Wegen der Coronakrise ist die Kurzarbeitsentschädigung derzeit in aller Munde: Bei Arbeitsausfällen aus wirtschaftlichen Gründen übernimmt die Arbeitslosenversicherung 80 Prozent des Verdienstausfalls, sofern es sich nicht um betriebsübliche Ausfälle oder normale saisonale Schwankungen handelt. Die Abrechnung läuft dabei vollständig über den Arbeitgeber: Dieser muss die Gründe für die Kurzarbeit darlegen und auch detaillierte Formulare mit den genauen Ausfallstunden der betroffenen Arbeitnehmer liefern. Die Angaben werden überprüft, mal genau, mal etwas weniger genau.

Im Dezember 2012 meldete sich auch der heute 64-jährige Geschäftsführer und Verwaltungsratspräsident einer Basler IT-Personalberatungsfirma bei der Arbeitslosenkasse und begründete die Kurzarbeit in seiner Firma mit kurzfristigen Problemen in der Finanzbranche. Seine Angaben waren allerdings falsch: Die ausgefallenen Stunden gab er für einen Mitarbeiter im Februar 2013 um 16 Stunden und im März 2013 um 25 Stunden zu hoch an, die Versicherung zahlte 1600 Franken zu viel aus.

Ähnlich lief es mit einer Mitarbeiterin im Mai 2013, für die 33 ausgefallene Stunden abgerechnet wurden. Tatsächlich war sie aber in den Ferien, was definitiv nicht als Kurzarbeit gilt. Ein weiterer Mitarbeiter wurde zur regelrechten Milchkuh: Für ihn rechnete der 64-Jährige während der Jahre 2013 und 2015 jeweils über mehrere Monate insgesamt 150 900 Franken zu viel ab. Zumindest im Februar 2015 klang die Begründung nachvollziehbar: Wegen der weggefallenen Kursbindung an den Euro seien im Umfeld verschiedene Projekte gestoppt worden. Der Einbruch der Auftragssituation sei aber bloss vorübergehend, schrieb der Geschäftsführer damals.
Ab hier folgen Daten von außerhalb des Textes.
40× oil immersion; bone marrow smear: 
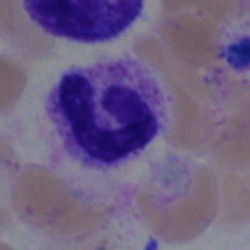

Cell: segmented neutrophil.
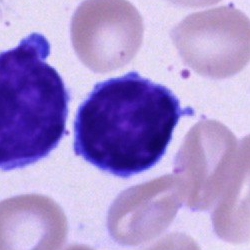

Morphological class: typical lymphocyte.
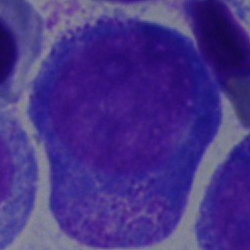
A promyelocyte.
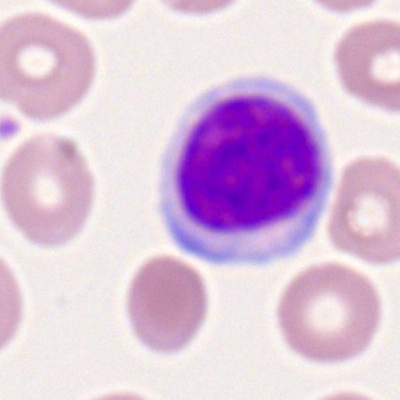 Specimen: peripheral blood smear.
Cell type: lymphocyte.
Lineage: lymphoid.
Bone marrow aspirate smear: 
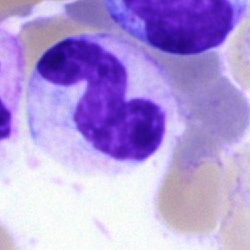Q: What cell is this?
A: A stab cell.
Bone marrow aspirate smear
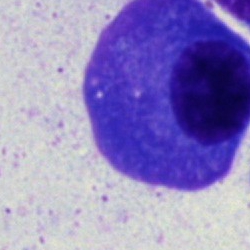
A plasmacyte.
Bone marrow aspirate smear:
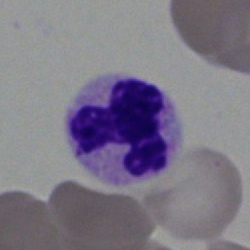{"cell_type": "segmented neutrophil"}
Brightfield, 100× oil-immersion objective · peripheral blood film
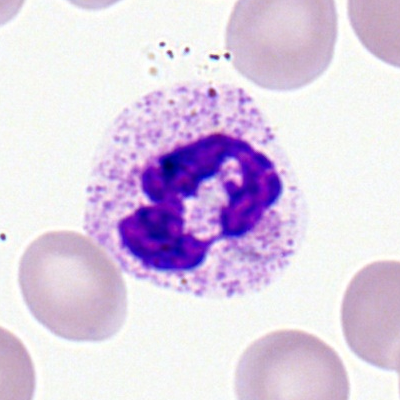

The morphological class is segmented neutrophil.
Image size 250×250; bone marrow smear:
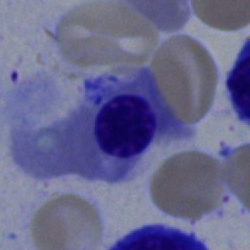 Q: What type of cell is this?
A: It is an erythroblast.
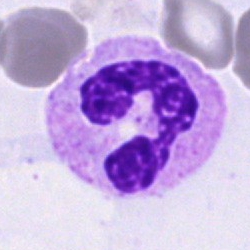
Bone marrow smear showing a neutrophil (segmented).
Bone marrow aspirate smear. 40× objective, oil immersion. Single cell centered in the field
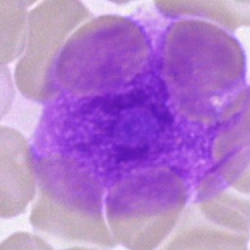
Q: What is shown here?
A: An artefact.
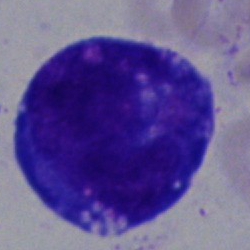
Morphology consistent with a blast cell.
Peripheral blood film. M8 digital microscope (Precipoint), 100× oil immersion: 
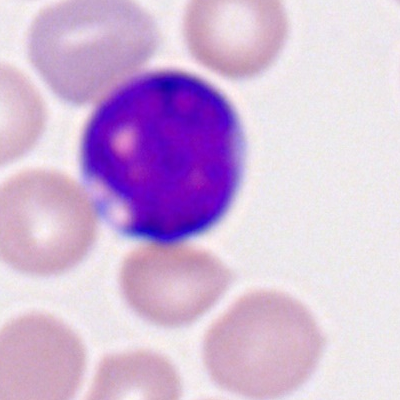 The cell type is myeloblast.
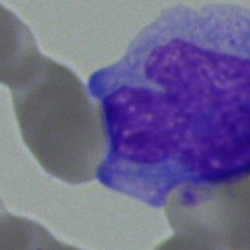 Q: Identify the cell.
A: A monocyte.
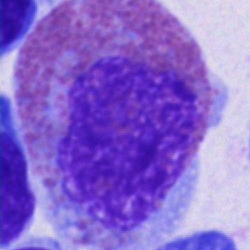 Specimen: bone marrow smear.
Classification: eosinophil.
Lineage: myeloid.
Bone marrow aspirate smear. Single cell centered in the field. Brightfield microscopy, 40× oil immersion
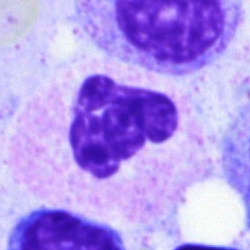 Morphology consistent with a neutrophil (segmented).
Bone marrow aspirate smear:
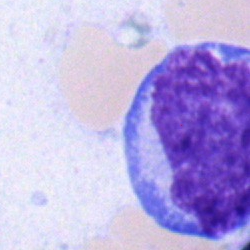Morphological class: blast cell.
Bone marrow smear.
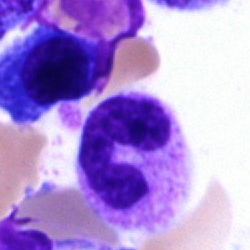Specimen: bone marrow aspirate smear.
Cell type: segmented neutrophil.
Lineage: myeloid.
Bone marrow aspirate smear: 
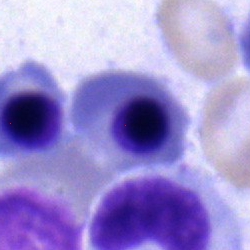 Morphology consistent with a nucleated red cell.
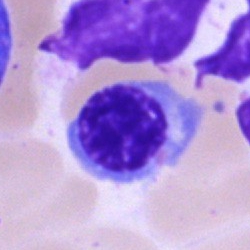Bone marrow aspirate smear, single cell — nucleated red cell.
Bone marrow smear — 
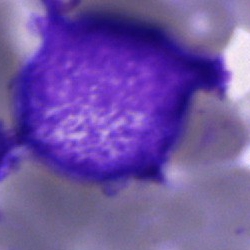

Q: What type of cell is this?
A: A promyelocyte.
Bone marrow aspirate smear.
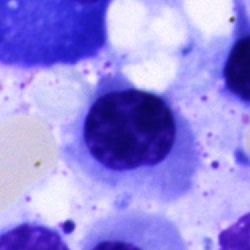 Q: Identify the cell.
A: It is an unidentifiable cell.
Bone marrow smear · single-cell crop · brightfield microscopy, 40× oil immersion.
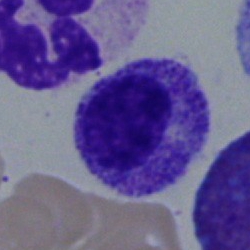
Specimen: bone marrow aspirate smear.
Classification: myelocyte.
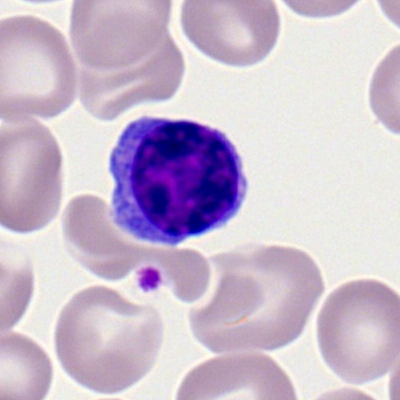 Peripheral blood film, single cell — typical lymphocyte.
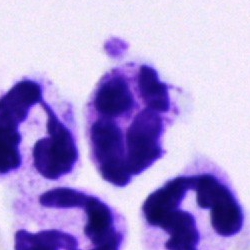 The cell is neutrophil (segmented).
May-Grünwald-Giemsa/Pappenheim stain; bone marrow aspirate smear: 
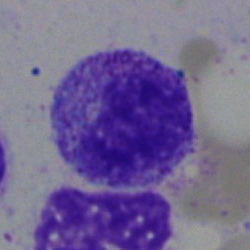

Q: What type of cell is this?
A: It is a metamyelocyte.
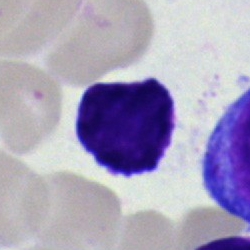
An artifact on a bone marrow smear.
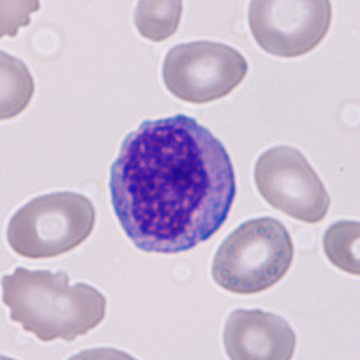 From a peripheral blood smear: an immature granulocyte (promyelocyte, myelocyte or metamyelocyte).
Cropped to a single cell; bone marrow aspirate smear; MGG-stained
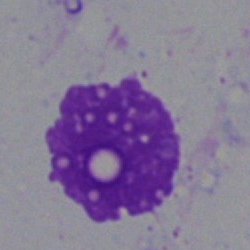

{"cell_type": "artefact"}
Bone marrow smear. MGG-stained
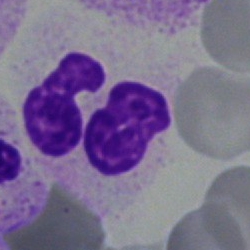 Q: What type of cell is this?
A: It is a polymorphonuclear neutrophil.
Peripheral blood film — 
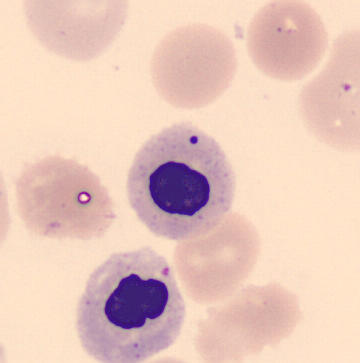 Normoblast.
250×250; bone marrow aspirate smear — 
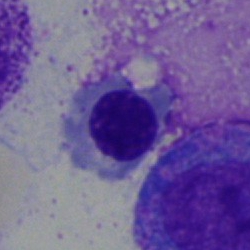

Q: Identify the cell.
A: A nucleated red cell.
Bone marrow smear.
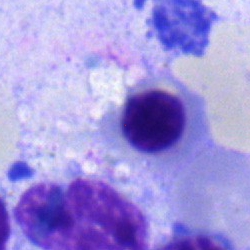

Morphology consistent with a nucleated red blood cell.
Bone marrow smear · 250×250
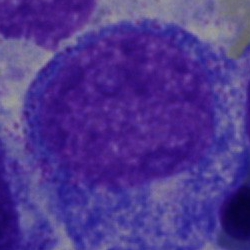

{"cell_type": "progranulocyte", "lineage": "myeloid"}
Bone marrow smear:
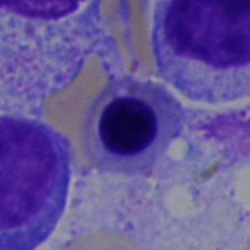

Q: Identify the cell.
A: A nucleated red blood cell.
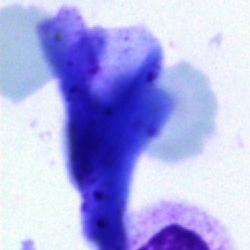 An artifact on a bone marrow smear.
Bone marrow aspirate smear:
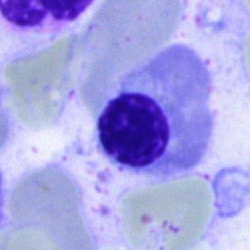Specimen: bone marrow smear.
Cell: normoblast.
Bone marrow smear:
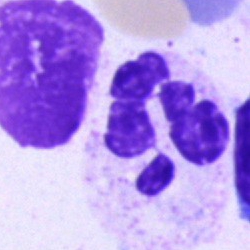
Classification = polymorphonuclear neutrophil.
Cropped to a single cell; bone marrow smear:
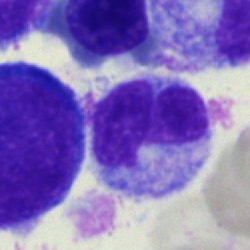 Cell type: monocyte.
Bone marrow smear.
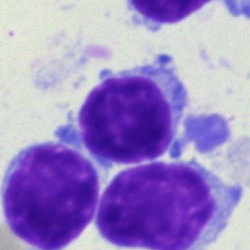Showing a typical lymphocyte.
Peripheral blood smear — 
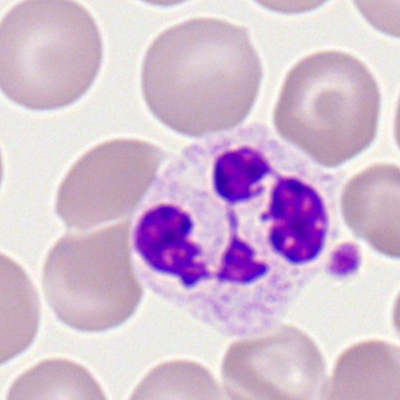Cell type: segmented neutrophil.
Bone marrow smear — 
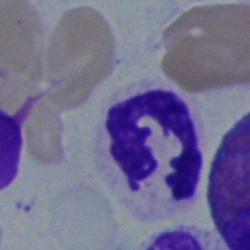Morphology — neutrophil (segmented).
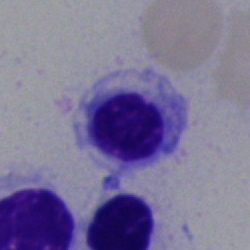

Morphological class: nucleated red blood cell.
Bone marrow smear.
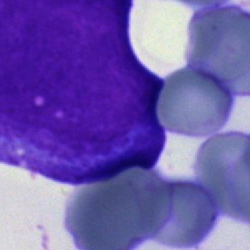Cell type — undifferentiated blast.
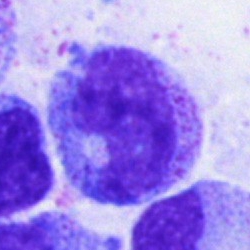Specimen: bone marrow smear.
Classification: metamyelocyte.
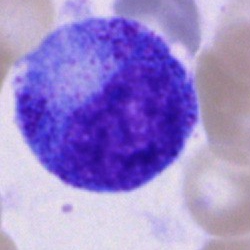 Single-cell crop from a bone marrow smear: progranulocyte.
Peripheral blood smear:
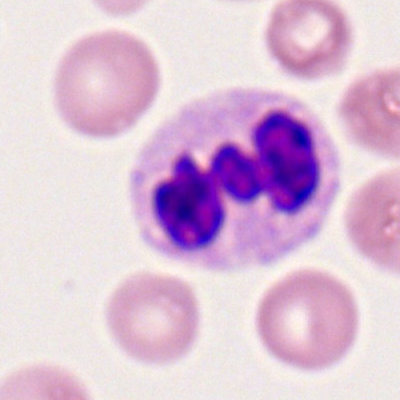 Morphological class — segmented neutrophil.

Weitere Versuche für den Frühling 2016 scheiterten, dabei sollten weitere 9300 Franken an Entschädigungen kassiert werden. Die Sache flog auf, insgesamt hatte die Firma rund 145000 Franken an Kurzarbeitsentschädigung ertrogen. Der 64-Jährige gab die Sache zu, bezahlte die Summe prompt zurück und einigte sich mit der Basler Staatsanwaltschaft auf eine Verurteilung wegen gewerbsmässigen Betrugs sowie eine bedingte Freiheitsstrafe von neun Monaten. Voraussetzung dafür ist das Einverständnis der geschädigten Partei. Wie Staatsanwalt Urs Müller auf Anfrage betonte, sei das milde Strafmass hauptsächlich auf die vollständige Rückzahlung der Gelder zurückzuführen.

Wie viel wussten die Angestellten?

Einzelrichter Marc Oser genehmigte gestern den «Deal», womit die Sache erledigt ist. Im sogenannten abgekürzten Verfahren findet normalerweise keine detaillierte Befragung des Angeklagten mehr statt, zumal der 64-jährige Geschäftsführer eh von der Verhandlung dispensiert war: Der Mann aus der Innerschweiz lebt derzeit bei seiner Partnerin in Deutschland, und zum Zeitpunkt der Vorladung befürchtete er offenbar, dass er nach der Verhandlung in Basel wegen der geschlossenen Grenzen nicht mehr nach Deutschland zurückreisen könnte.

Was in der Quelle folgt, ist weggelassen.